# NIXL Multi-Rail Benchmarks

This tutorial covers production-grade RDMA benchmarking using NIXL (NVIDIA Inference Xfer Library) with multi-rail support.

**Prerequisites:**
- Completed [02_Multi_Rail_Tutorial.ipynb](02_Multi_Rail_Tutorial.ipynb) for network setup
- Two DGX Spark nodes with RoCE connectivity
- NIXL installed with nixlbench built

**What you'll learn:**
- Using nixlbench for DRAM and VRAM transfers
- Multi-rail performance with UCX backend
- Comparing single-threaded vs multi-threaded benchmarks
- Parsing and visualizing benchmark results

## Part 1: Setup

In [None]:
# Configuration
import subprocess

def run_cmd(cmd):
    result = subprocess.run(cmd, shell=True, capture_output=True, text=True)
    return result.stdout + result.stderr

# Network configuration (update for your environment)
LOCAL_IP = "192.168.100.11"   # This node (initiator)
REMOTE_IP = "192.168.100.10"  # Target node

print(f"Local IP:  {LOCAL_IP}")
print(f"Remote IP: {REMOTE_IP}")

## Part 2: NIXL Multi-Rail Architecture

NIXL (NVIDIA Inference Xfer Library) provides production-grade RDMA capabilities with multi-rail support.

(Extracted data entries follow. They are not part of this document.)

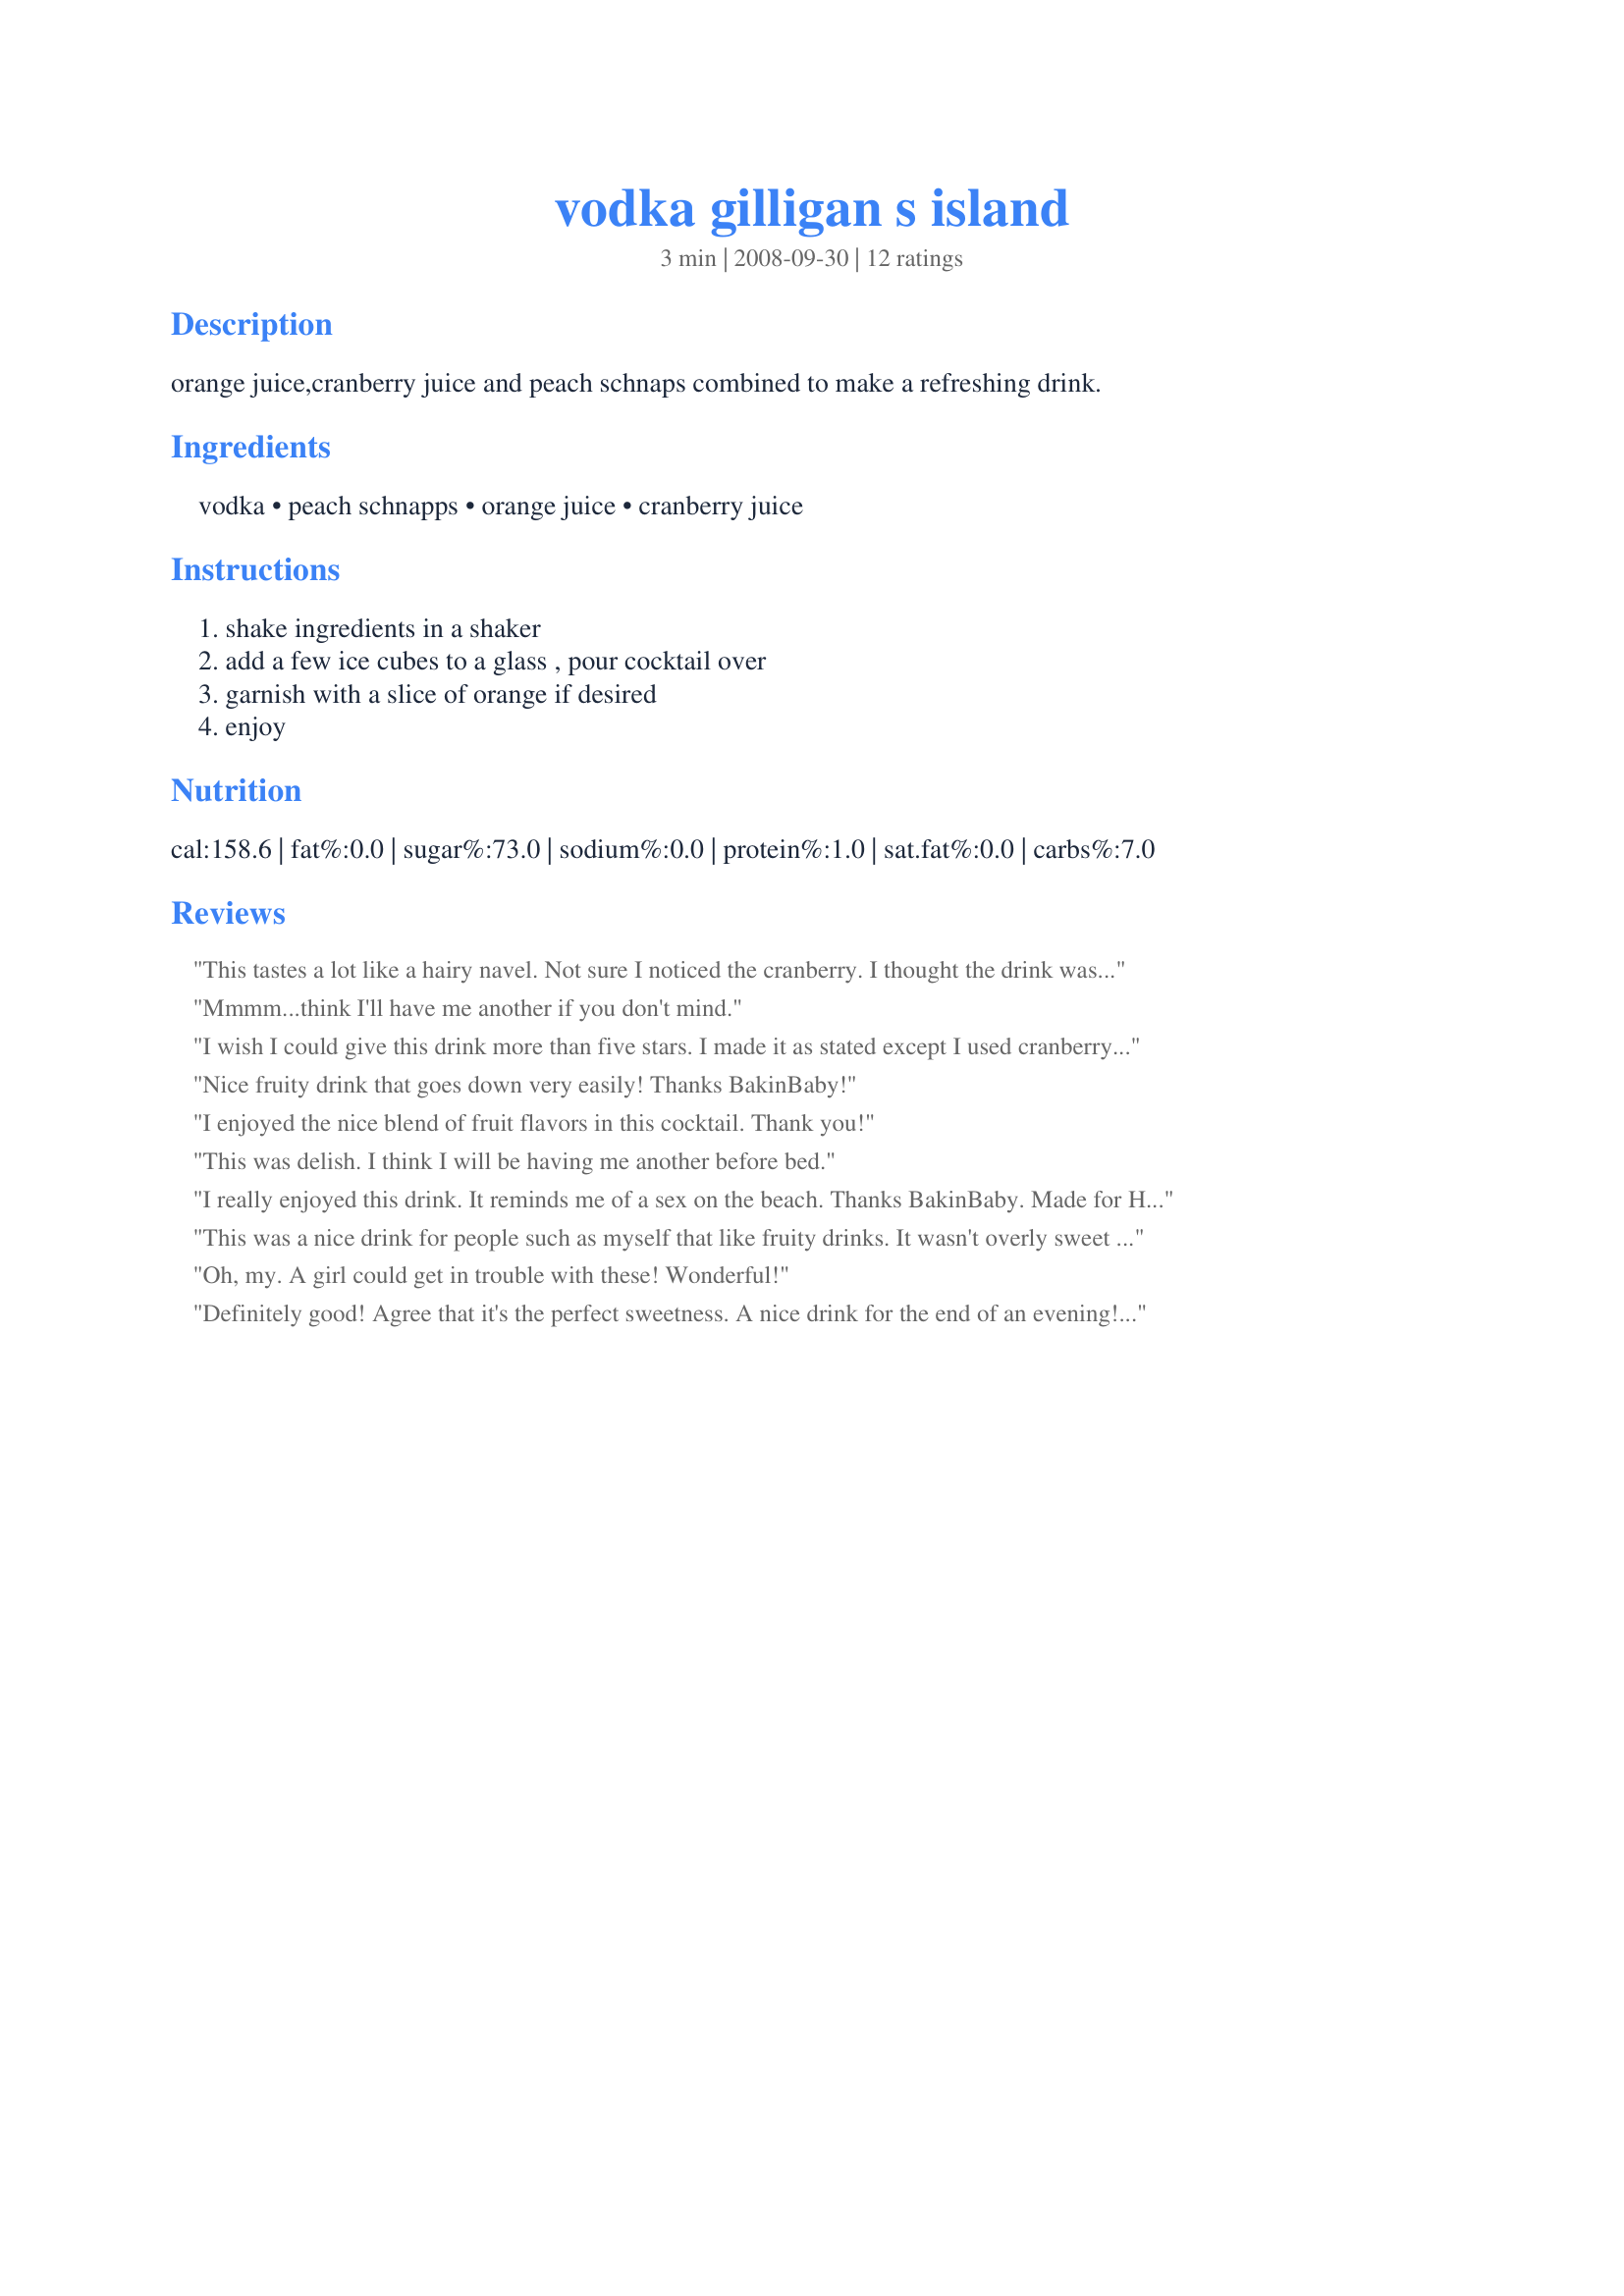
vodka gilligan s island
Preparation time: 3 minutes

orange juice,cranberry juice and peach schnaps combined to make a refreshing drink.

Ingredients:
vodka, peach schnapps, orange juice, cranberry juice

Steps:
shake ingredients in a shaker, add a few ice cubes to a glass , pour cocktail over, garnish with a slice of orange if desired, enjoy

Reviews:
This tastes a lot like a hairy navel. Not sure I noticed the cranberry. I thought the drink was a little on the weak side, so after trying it, I began playing with the proportions. Made for ZWT5.
Mmmm...think I'll have me another if you don't mind.
I wish I could give this drink more than five stars. I made it as stated except I used cranberrygrape juice. I could see this becomeing my new favorite. Thanks BakinBaby. Made for bevy tag Nov. 2008.
Nice fruity drink that goes down very easily! Thanks BakinBaby!
I enjoyed the nice blend of fruit flavors in this cocktail. Thank you!
This was delish. I think I will be having me another before bed.
I really enjoyed this drink. It reminds me of a sex on the beach. Thanks BakinBaby. Made for Holiday tag.
This was a nice drink for people such as myself that like fruity drinks. It wasn't overly sweet despite the two juices and is certainly that kind of drink that you could have far too many of without noticing. made for Holiday Tag.
Oh, my. A girl could get in trouble with these! Wonderful!
Definitely good! Agree that it's the perfect sweetness. A nice drink for the end of an evening! Added a tad extra Orange, Pineapple juice which took this drink from a 4 to a 5. Tagged for Bevy Tag. THANKS
This made me feel like I was shipwrecked!! Thanks BakinBaby!
This was yummy; a madras with peach schnapps! Wish I'd thought of it! Refreshing, and I'll be making this again! Thanks, BakinBaby, for sharing this recipe!
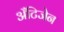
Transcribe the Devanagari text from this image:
अँटिजेन
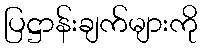
ပြဋ္ဌာန်းချက်များကို
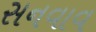
સનવાવ
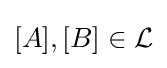
[A],[B]\in {\mathcal {L}}
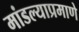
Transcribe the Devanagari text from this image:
मांडल्याप्रमाणे
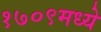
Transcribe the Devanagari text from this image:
१७०९मध्ये
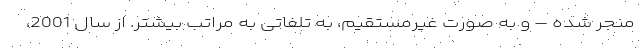
منجر شده – و به صورت غیرمستقیم، به تلفاتی به مراتب بیشتر. از سال 2001،
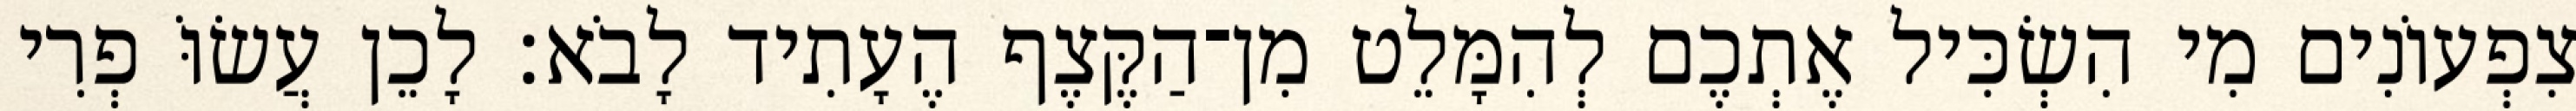
צִפְעוֹנִים מִי הִשְׂכִּיל אֶתְכֶם לְהִמָּלֵט מִן־הַקֶּצֶף הֶעָתִיד לָבֹא׃ לָכֵן עֲשׂוֹּ פְרִי
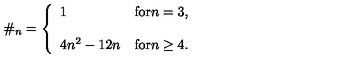
\# _ { n } = \left\{ \begin{array} { l l } { 1 } & { \mathrm { f o r } n = 3 , } \\ { { } } & { { } } \\ { 4 n ^ { 2 } - 1 2 n } & { \mathrm { f o r } n \geq 4 . } \\ \end{array} \right.
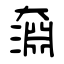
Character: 奫
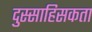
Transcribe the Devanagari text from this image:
दुस्साहिसकता
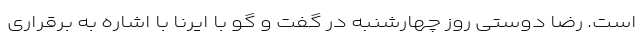
است. رضا دوستی روز چهارشنبه در گفت و گو با ایرنا با اشاره به برقراری
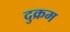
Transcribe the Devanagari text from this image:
दुक्रम
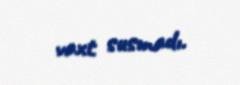
vaxt susmadı.
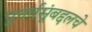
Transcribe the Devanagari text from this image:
पुनर्वसूंबद्दलचे
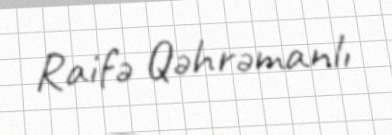
Raifə Qəhrəmanlı
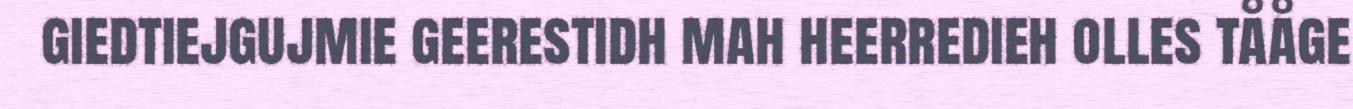
giedtiejgujmie geerestidh mah heerredieh olles tååge
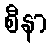
စီနာ
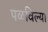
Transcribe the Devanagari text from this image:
पळविल्या
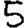
Digit: 5
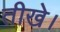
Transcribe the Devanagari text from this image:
तीखे।
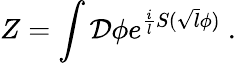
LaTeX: Z=\int{\cal D}\phi e^{{\frac{i}{l}}S(\sqrt{l}\phi)}~.
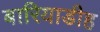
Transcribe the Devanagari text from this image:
बारियाडीह
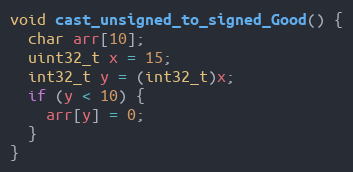
Language: C
void cast_unsigned_to_signed_Good() {
  char arr[10];
  uint32_t x = 15;
  int32_t y = (int32_t)x;
  if (y < 10) {
    arr[y] = 0;
  }
}
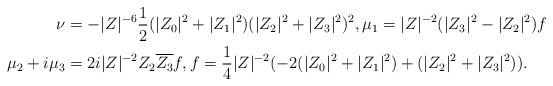
LaTeX: \begin{align*} \nu&=-|Z|^{-6}\frac{1}{2}(|Z_0|^2+|Z_1|^2)(|Z_2|^2+|Z_3|^2)^2,\mu_1=|Z|^{-2}(|Z_3|^2-|Z_2|^2) f\\ \mu_2+i \mu_3&= 2 i |Z|^{-2} Z_2 \overline{Z_3} f,f=\frac{1}{4}|Z|^{-2}(-2(|Z_0|^2+|Z_1|^2)+(|Z_2|^2+|Z_3|^2)).\end{align*}
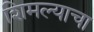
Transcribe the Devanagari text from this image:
शिमल्याचा
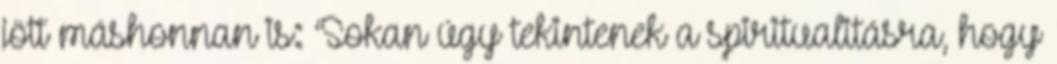
jött máshonnan is: ‘Sokan úgy tekintenek a spiritualitásra, hogy
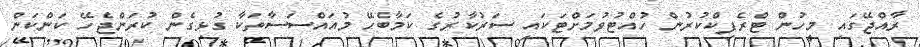
ރާއްޖޭގައި މީހުން ޓްރެފިކްކުރުން ހުއްޓުވުމަށްޓަކައި ސަރުކާރުގެ ކަމާބެހޭ މުއައްސަސާތަކާ ގުޅިގެން ކުރަންޖެހޭ ކަންކަން
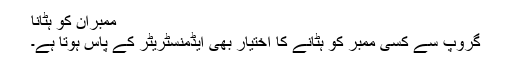
ممبران کو ہٹانا
گروپ سے کسی ممبر کو ہٹانے کا اختیار بھی ایڈمنسٹریٹر کے پاس ہوتا ہے۔
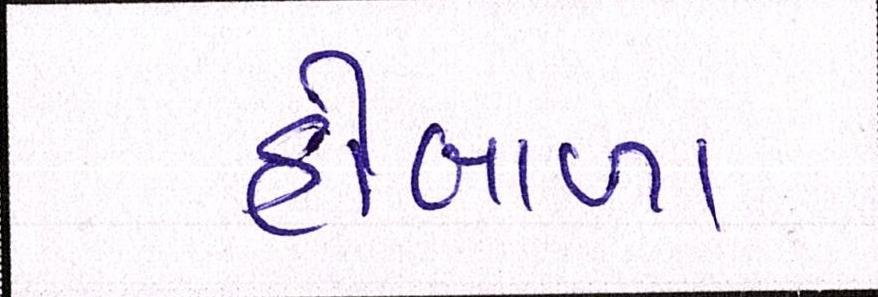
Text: હોબાળા
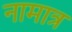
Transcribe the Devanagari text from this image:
नामात्र
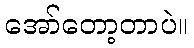
အော်တော့တာပဲ။
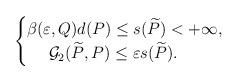
LaTeX: \begin{align*}\begin{cases}\beta(\varepsilon, Q){d}(P)\le {s}(\widetilde P)<+\infty,\\\ \ \ \ \mathcal G_2(\widetilde P, P)\le\varepsilon {s}(\widetilde P).\end{cases}\end{align*}
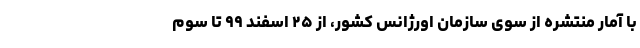
با آمار منتشره از سوی سازمان اورژانس کشور، از ۲۵ اسفند ۹۹ تا سوم
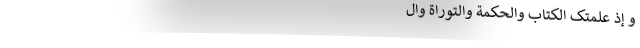
و َإِذْ عَلَّمْتُکَ الْکِتَابَ وَالْحِکْمَةَ وَالتَّوْرَاةَ وَالْ
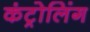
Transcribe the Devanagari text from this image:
कंट्रोलिंग
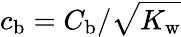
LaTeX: c_{\mathrm{b}}=C_{\mathrm{b}}/\sqrt{K_{\mathrm{w}}}
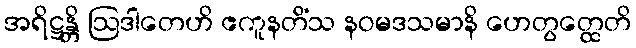
အရိဋ္ဌန္တိ ဩဒါတေဟိ ဧကူနတိံသ နဝမဒသမာနိ ဟေတွတ္ထေတိ
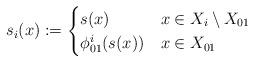
LaTeX: \begin{align*}s_i (x) :=\begin{cases}s(x) & x \in X_i \setminus X_{01}\\\phi_{01}^i (s(x)) & x \in X_{01}\end{cases}\end{align*}
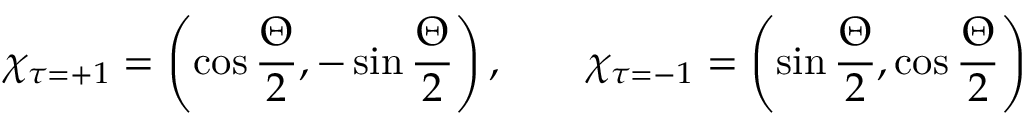
\chi _ { \tau = + 1 } = \left( \cos \frac { \Theta } { 2 } , - \sin \frac { \Theta } { 2 } \right) , \qquad \chi _ { \tau = - 1 } = \left( \sin \frac { \Theta } { 2 } , \cos \frac { \Theta } { 2 } \right)
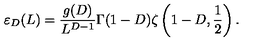
\varepsilon _ { D } ( L ) = \frac { g ( D ) } { L ^ { D - 1 } } \Gamma ( 1 - D ) \zeta \left( 1 - D , \frac 1 { 2 } \right) .
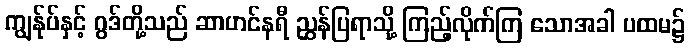
ကျွန်ုပ်နှင့် ဂွဒ်တို့သည် ဆာဟင်နရီ ညွှန်ပြရာသို့ ကြည့်လိုက်ကြ သောအခါ ပထမ၌
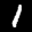
Label: 1
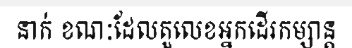
នាក់ ខណៈដែលតួលេខអ្នកដើរកម្សាន្ត
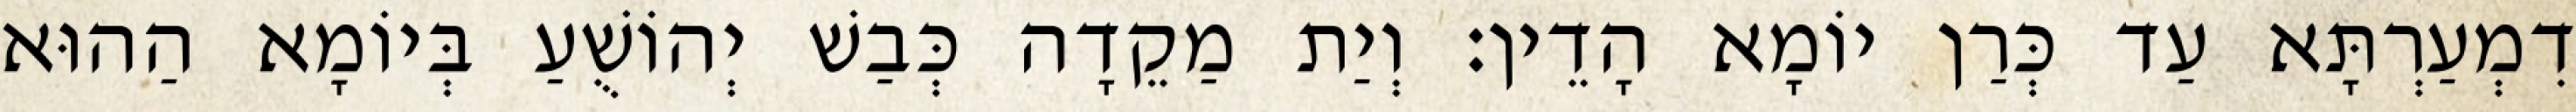
דִמְעַרְתָּא עַד כְּרַן יוֹמָא הָדֵין׃ וְיַת מַקֵדָה כְּבַשׁ יְהוֹשֻׁעַ בְּיוֹמָא הַהוּא
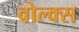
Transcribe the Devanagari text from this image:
वोल्क्स
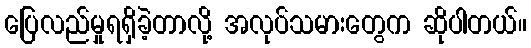
ပြေလည်မှုရရှိခဲ့တာလို့ အလုပ်သမားတွေက ဆိုပါတယ်။
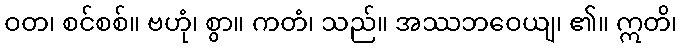
ဝတ၊ စင်စစ်။ ဗဟုံ၊ စွာ။ ကတံ၊ သည်။ အဿဘဝေယျ၊ ၏။ ဣတိ၊
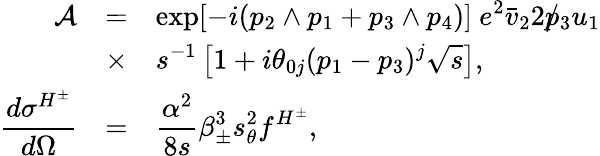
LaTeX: \begin{array}{rcl}{{{\cal A}}}&{{=}}&{{\displaystyle\exp[-i(p_{2}\wedge p_{1}+p_{3}\wedge p_{4})]~e^{2}\bar{v}_{2}2\rlap/p_{3}u_{1}}}\\ {{}}&{{\times}}&{{\displaystyle s^{-1}\left[1+i\theta_{0j}(p_{1}-p_{3})^{j}\sqrt{s}\right],}}\\ {{\displaystyle\frac{d\sigma^{H^{\pm}}}{d\Omega}}}&{{=}}&{{\displaystyle\frac{\alpha^{2}}{8s}\beta_{\pm}^{3}s_{\theta}^{2}f^{H^{\pm}},}}\end{array}
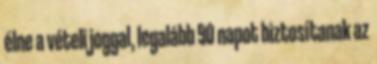
élne a vételi joggal, legalább 90 napot biztosítanak az
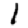
Digit: 1
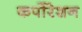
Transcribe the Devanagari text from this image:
कर्पोरेशन
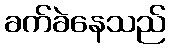
ခက်ခဲနေသည်
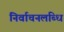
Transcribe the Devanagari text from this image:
निर्वाचनलब्धि
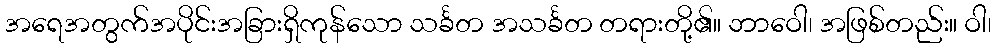
အရေအတွက်အပိုင်းအခြားရှိကုန်သော သင်္ခတ အသင်္ခတ တရားတို့၏။ ဘာဝေါ၊ အဖြစ်တည်း။ ဝါ၊
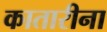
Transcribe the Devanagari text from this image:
कातारीना
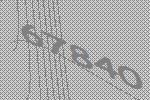
67840
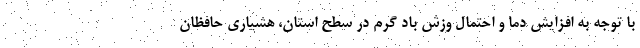
با توجه به افزایش دما و احتمال وزش باد گرم در سطح استان، هشیاری حافظان
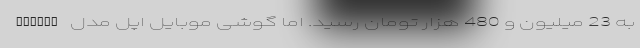
به 23 میلیون و 480 هزار تومان رسید. اما گوشی موبایل اپل مدل iPhone
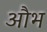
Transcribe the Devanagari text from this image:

Unlike basic tools like `ib_write_bw`, NIXL includes thread management, memory pooling, and multi-rail aggregation built for real inference workloads.

### Architecture

NIXL coordinates distributed benchmarks using ETCD:
- Worker processes register with ETCD
- One node acts as initiator (sender), one as target (receiver)
- Supports UCX, GPUNetIO, Mooncake, and Libfabric backends
- Measures DRAM-to-DRAM and VRAM-to-VRAM transfers
- Multi-rail automatically aggregates both RoCE links

### Prerequisites: Start ETCD Server

NIXL requires ETCD for coordination. Start it on one node (typically the target/receiver).

In [None]:
# Start ETCD server (run on target node)
# This runs in background and provides coordination
etcd_cmd = """
docker run -d --name etcd-server \\
  --network host \\
  quay.io/coreos/etcd:v3.5.18 \\
  /usr/local/bin/etcd \\
  --data-dir=/etcd-data \\
  --listen-client-urls=http://0.0.0.0:2379 \\
  --advertise-client-urls=http://0.0.0.0:2379 \\
  --listen-peer-urls=http://0.0.0.0:2380 \\
  --initial-advertise-peer-urls=http://0.0.0.0:2380 \\
  --initial-cluster=default=http://0.0.0.0:2380
"""

print("Starting ETCD server...")
print("Run this command on the target node:")
print(etcd_cmd)
print("\nVerify ETCD is running:")
print("curl http://localhost:2379/version")

### Build nixlbench

First, ensure nixlbench is built and available.

In [None]:
# Check if nixlbench is available
nixlbench_path = "/usr/local/nixlbench/bin/nixlbench"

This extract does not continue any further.